== EXERCISE DATA

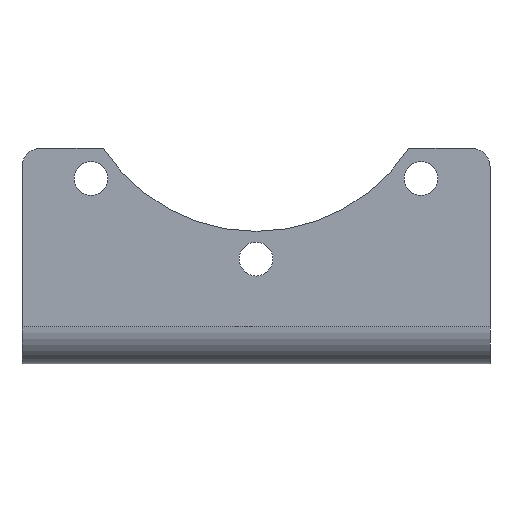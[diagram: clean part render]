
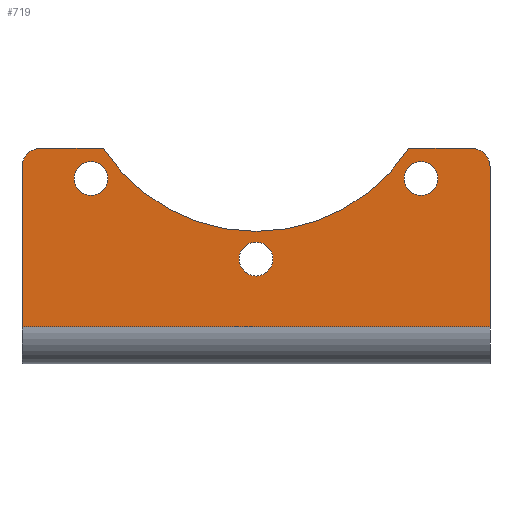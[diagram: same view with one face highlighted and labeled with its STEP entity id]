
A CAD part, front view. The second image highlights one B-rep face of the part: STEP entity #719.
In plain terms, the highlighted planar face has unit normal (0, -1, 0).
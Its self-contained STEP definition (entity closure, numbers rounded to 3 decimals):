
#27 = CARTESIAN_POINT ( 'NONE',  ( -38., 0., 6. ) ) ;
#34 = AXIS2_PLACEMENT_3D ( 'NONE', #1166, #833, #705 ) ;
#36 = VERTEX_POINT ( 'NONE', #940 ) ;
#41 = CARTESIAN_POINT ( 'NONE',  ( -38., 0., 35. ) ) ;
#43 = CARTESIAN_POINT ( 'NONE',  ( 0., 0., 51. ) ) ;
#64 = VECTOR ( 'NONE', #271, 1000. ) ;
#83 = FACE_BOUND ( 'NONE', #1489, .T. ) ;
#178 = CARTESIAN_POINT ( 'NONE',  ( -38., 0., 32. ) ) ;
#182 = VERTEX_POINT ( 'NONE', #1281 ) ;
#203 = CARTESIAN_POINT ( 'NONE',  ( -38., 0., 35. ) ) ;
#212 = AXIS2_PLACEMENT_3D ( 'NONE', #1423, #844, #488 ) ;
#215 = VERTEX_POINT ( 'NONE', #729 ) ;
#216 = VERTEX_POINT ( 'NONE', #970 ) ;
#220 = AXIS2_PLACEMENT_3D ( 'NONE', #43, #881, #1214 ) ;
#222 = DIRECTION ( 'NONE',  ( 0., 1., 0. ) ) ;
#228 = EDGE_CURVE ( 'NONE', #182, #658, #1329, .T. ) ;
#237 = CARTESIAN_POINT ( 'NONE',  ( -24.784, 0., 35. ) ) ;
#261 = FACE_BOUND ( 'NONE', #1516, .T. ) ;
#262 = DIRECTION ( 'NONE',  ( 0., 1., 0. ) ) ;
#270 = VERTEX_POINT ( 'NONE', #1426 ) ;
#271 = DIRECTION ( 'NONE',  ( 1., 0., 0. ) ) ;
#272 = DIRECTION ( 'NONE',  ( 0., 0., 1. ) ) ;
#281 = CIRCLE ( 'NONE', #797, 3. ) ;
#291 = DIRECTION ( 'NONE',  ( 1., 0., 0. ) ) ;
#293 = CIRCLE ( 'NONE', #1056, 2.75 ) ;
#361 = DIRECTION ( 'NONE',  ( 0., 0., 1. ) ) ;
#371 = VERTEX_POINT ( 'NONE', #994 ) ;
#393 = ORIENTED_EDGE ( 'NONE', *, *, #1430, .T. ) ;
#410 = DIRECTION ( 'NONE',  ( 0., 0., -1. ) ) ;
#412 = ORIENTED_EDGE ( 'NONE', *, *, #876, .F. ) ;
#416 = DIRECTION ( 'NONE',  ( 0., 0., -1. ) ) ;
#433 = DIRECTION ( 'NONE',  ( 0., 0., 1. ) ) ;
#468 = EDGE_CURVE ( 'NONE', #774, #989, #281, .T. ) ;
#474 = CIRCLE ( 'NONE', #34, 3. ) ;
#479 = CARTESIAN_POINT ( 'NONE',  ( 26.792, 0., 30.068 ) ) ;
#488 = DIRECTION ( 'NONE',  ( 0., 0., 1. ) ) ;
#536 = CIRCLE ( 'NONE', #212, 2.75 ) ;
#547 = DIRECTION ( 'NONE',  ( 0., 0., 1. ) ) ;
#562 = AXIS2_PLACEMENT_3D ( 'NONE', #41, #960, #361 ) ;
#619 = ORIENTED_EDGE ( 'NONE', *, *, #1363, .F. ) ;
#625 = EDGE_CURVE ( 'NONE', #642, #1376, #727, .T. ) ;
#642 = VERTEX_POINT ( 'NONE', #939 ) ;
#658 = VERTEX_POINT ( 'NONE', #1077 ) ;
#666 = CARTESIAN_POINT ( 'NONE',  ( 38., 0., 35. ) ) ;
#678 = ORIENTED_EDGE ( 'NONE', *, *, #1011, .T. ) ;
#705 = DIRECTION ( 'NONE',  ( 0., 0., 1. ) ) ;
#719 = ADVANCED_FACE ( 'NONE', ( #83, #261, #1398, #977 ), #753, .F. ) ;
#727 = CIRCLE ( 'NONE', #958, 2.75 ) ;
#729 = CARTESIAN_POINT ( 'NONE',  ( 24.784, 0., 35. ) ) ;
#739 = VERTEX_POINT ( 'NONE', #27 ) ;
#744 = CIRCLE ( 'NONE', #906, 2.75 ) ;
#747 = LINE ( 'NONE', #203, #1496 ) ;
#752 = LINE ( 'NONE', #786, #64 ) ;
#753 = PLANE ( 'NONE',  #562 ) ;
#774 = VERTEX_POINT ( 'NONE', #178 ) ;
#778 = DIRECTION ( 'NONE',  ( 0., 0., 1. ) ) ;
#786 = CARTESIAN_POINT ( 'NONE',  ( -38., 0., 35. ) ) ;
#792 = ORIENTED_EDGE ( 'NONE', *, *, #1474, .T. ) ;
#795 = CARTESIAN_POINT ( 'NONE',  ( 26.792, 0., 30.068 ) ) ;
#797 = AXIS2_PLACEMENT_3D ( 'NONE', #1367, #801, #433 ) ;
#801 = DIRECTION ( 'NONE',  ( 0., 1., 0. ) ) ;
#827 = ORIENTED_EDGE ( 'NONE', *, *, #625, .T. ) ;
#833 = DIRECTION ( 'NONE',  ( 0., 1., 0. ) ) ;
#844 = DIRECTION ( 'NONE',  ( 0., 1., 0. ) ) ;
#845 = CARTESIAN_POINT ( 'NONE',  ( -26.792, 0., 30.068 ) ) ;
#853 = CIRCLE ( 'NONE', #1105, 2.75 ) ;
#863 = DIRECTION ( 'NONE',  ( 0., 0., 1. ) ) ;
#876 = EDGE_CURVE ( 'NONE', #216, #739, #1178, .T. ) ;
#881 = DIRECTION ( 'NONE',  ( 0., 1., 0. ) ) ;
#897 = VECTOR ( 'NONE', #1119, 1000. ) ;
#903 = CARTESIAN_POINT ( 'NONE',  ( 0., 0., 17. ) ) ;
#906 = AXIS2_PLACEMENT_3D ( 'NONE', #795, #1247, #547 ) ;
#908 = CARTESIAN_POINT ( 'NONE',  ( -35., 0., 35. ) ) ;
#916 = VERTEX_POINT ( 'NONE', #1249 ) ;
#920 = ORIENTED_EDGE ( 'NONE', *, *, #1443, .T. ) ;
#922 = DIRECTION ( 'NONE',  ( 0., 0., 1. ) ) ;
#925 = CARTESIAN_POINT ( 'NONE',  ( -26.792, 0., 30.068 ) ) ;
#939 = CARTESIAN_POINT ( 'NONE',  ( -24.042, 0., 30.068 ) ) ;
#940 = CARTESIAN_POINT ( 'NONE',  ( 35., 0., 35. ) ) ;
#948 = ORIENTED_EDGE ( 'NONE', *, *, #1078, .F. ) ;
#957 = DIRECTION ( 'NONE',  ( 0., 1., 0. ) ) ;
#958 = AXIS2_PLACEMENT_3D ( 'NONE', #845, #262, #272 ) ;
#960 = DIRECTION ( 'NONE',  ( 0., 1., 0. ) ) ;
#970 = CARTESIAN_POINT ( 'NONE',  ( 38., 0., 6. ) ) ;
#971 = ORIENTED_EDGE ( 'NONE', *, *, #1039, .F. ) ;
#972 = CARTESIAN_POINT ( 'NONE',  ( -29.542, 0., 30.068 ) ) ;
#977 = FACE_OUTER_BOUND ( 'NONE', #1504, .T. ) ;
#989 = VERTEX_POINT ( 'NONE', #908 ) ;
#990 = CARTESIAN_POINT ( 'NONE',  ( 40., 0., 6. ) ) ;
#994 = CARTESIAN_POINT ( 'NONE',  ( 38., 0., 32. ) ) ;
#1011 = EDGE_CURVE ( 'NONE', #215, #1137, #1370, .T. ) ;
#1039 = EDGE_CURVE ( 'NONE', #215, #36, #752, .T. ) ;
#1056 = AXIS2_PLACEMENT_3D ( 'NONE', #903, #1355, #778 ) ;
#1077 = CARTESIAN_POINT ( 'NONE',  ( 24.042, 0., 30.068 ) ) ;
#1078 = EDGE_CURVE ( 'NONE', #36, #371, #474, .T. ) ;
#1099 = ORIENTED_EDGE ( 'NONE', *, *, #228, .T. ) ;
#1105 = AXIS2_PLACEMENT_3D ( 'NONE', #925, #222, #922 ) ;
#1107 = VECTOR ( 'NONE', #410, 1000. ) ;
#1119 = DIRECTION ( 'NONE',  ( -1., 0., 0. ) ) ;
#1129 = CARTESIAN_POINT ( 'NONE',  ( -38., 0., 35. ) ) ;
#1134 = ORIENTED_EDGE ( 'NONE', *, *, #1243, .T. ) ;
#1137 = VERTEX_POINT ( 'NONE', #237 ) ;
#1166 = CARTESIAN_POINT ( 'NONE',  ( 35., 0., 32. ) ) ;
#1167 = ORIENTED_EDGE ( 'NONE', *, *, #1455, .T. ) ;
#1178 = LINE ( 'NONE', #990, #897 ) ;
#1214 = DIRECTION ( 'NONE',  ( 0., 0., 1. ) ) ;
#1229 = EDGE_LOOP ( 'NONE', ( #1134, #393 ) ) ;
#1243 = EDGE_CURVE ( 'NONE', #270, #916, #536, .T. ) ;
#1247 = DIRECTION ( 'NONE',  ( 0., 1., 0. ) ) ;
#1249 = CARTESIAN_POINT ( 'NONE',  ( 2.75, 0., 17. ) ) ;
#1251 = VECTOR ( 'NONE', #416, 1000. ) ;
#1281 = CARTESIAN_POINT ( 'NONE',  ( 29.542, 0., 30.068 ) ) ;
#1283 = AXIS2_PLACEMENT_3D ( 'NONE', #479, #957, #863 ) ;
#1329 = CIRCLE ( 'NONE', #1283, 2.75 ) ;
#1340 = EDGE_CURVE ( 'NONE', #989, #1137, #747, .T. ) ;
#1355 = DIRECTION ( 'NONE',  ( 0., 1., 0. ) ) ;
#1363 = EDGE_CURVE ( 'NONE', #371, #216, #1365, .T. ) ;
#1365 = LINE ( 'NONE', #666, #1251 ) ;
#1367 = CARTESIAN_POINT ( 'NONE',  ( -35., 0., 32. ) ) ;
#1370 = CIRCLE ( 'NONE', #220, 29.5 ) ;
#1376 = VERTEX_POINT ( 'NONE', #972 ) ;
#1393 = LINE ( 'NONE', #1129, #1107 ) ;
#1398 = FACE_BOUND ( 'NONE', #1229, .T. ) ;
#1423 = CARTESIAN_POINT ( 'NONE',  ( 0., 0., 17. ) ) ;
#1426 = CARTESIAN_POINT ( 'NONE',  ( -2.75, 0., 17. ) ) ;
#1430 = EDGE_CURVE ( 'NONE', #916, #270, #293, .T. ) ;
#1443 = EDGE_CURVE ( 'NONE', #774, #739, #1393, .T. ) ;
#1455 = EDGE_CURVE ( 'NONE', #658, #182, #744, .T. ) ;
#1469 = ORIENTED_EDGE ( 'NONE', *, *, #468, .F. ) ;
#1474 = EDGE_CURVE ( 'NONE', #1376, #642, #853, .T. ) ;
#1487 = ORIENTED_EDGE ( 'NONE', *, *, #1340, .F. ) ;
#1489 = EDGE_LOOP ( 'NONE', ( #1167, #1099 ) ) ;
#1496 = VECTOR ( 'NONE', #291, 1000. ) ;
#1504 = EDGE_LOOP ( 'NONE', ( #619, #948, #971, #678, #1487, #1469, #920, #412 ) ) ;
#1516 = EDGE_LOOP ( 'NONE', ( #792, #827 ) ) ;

====
== EXERCISE DATA

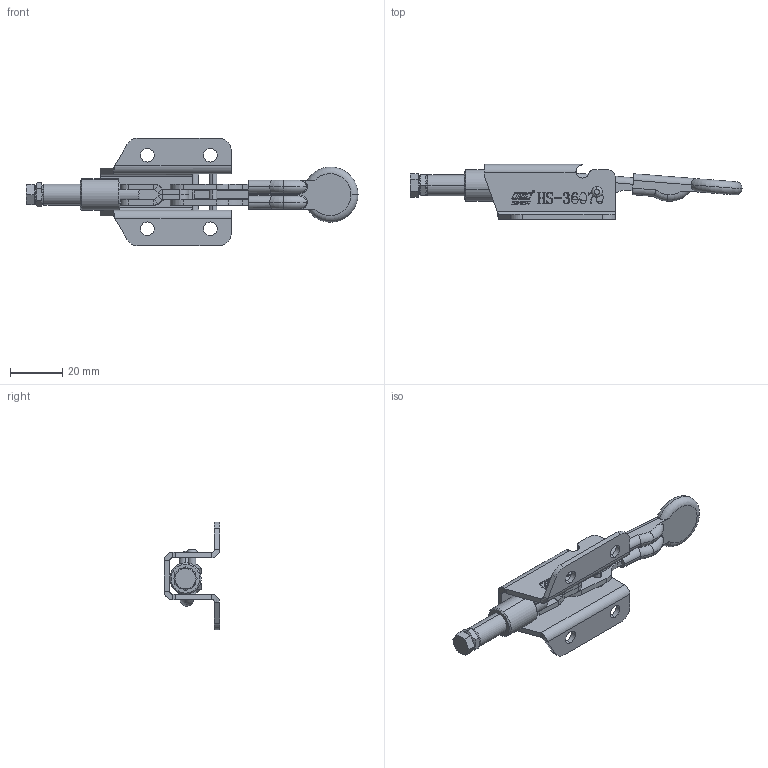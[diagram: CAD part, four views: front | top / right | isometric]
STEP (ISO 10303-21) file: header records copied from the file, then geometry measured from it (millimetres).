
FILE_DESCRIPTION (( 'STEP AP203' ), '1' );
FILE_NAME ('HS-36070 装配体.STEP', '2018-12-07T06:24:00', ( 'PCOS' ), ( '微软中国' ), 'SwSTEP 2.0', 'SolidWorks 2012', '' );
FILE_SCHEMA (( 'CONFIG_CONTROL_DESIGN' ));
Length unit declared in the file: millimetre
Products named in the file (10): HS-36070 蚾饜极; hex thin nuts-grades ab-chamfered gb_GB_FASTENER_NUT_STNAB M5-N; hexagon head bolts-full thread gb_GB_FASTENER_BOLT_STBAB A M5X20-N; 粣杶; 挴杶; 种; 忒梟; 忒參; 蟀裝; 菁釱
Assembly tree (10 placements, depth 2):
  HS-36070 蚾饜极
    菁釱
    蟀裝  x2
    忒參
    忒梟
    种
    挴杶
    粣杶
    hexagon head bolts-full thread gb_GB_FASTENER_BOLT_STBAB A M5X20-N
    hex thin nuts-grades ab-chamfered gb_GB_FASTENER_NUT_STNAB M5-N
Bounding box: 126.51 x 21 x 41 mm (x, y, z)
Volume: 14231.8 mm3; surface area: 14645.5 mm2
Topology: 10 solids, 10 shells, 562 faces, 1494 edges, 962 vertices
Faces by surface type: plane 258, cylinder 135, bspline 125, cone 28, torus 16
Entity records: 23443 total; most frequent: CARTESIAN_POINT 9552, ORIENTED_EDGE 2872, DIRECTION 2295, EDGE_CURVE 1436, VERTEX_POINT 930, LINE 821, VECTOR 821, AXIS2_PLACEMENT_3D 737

====
== EXERCISE DATA

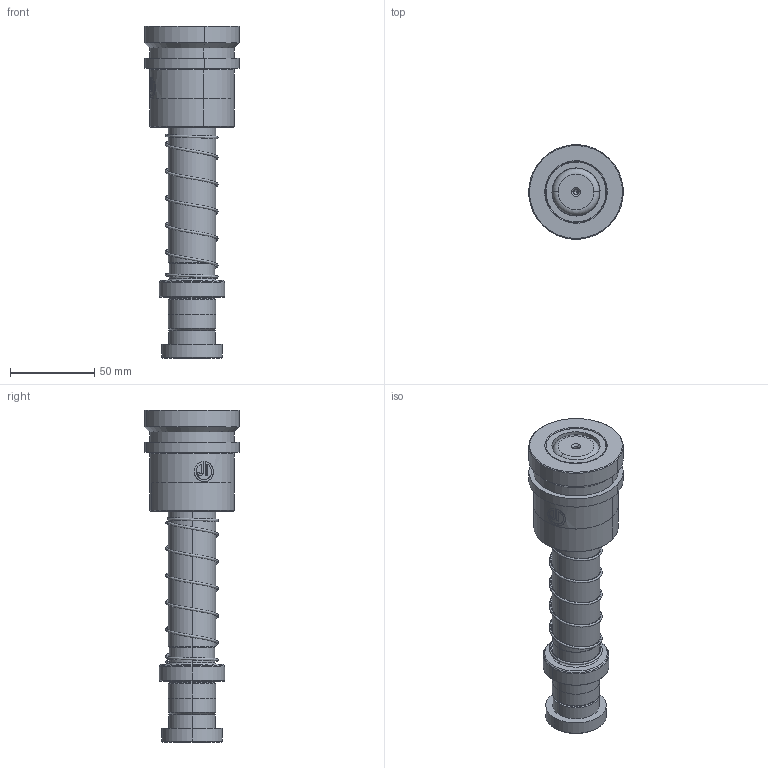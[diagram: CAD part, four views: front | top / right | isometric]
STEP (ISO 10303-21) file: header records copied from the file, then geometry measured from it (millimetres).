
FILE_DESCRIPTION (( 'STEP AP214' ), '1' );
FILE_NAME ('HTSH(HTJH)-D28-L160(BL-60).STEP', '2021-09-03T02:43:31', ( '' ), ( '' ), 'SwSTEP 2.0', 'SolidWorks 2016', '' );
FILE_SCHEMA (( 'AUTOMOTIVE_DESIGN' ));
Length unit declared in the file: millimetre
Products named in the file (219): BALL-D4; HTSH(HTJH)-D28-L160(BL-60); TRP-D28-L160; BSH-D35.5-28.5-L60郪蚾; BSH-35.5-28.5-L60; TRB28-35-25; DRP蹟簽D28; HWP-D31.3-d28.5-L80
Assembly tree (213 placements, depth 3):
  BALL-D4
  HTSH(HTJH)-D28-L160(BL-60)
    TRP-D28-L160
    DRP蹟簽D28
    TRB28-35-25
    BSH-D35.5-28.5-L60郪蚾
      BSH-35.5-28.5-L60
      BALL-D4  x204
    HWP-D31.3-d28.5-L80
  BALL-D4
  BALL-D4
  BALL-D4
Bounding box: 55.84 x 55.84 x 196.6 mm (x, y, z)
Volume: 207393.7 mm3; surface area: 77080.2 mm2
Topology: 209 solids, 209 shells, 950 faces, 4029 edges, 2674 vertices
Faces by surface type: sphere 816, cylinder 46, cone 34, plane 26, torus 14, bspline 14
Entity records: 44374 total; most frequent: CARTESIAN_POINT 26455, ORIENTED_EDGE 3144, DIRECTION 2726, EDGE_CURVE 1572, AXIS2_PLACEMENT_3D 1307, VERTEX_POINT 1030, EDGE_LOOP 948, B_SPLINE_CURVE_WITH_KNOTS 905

====

Would you print exactly and only the lines of the material above that run from the line with "Topology: 10 solids, 10" through the line with "Entity records: 23443", both included?

PROBLEM SOLUTION:
Topology: 10 solids, 10 shells, 562 faces, 1494 edges, 962 vertices
Faces by surface type: plane 258, cylinder 135, bspline 125, cone 28, torus 16
Entity records: 23443 total; most frequent: CARTESIAN_POINT 9552, ORIENTED_EDGE 2872, DIRECTION 2295, EDGE_CURVE 1436, VERTEX_POINT 930, LINE 821, VECTOR 821, AXIS2_PLACEMENT_3D 737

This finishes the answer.